Our team is planning to add missing dimension keys (FK's) to our fact tables to allow for direct querying between our dimensions and fact tables rather than going through tables. Essentially, leaning more towards a star schema. This will improve querying performance (as less joins will be required).
I have read online that Foreign Key (FK's) constraints will impact performance of insert, updates and deletes.
Are there other things that we should consider?
The main disadvantage is the increase in size for the fact table records. You don't specify the sizes of the rows, but adding new foreign keys could significantly impact the size of the row.
In most databases, increased row size in the fact table would slow down queries. However, that would be less of an issue in a columnar database.
In fact, the increased size could outweigh the advantages of avoiding joins.
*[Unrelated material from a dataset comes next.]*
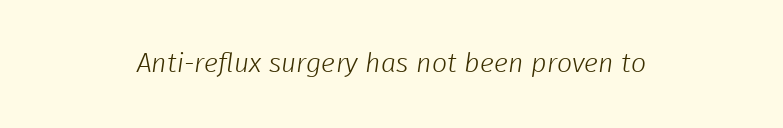
The image shows 27 px text type; set centered, normal letter spacing, not underlined.
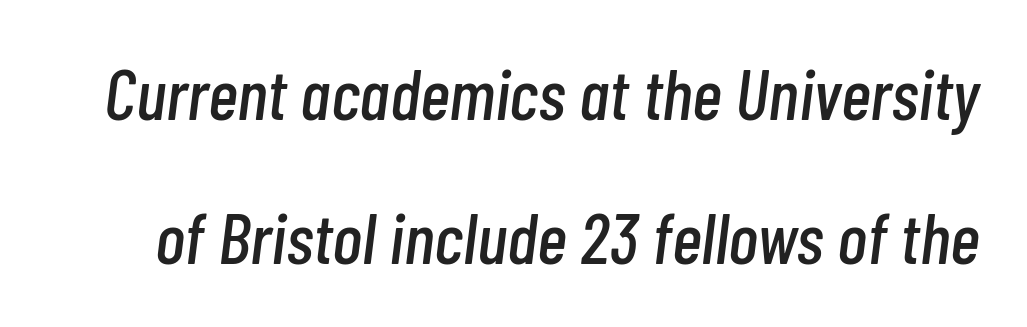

In general, I would not worry about joins on small- to medium- sized dimension tables that are on the primary key. That is, do a lot of testing on full-scale data before making such radical changes.
The affect on insert
s is simply that the keys need to be validated. However, this is checking against the primary keys of reference tables, so those checks are pretty fast. More are obviously more expensive than fewer, but the overhead will probably not be a show-stopper.
One thing that could be an advantage or disadvantage is that the dimensions are static at the time of input. Updating a fact table is generally quite expensive. However, dimensions do change. For instance, new countries are occasionally created. How is this represented in the historical data?
In a snowflake schema, your lowest level of geography would (probably) be more refined than a country, and only the dimensions need to be updated. And, if the lowest level needs to be updated in the fact table, that would affect relatively few rows.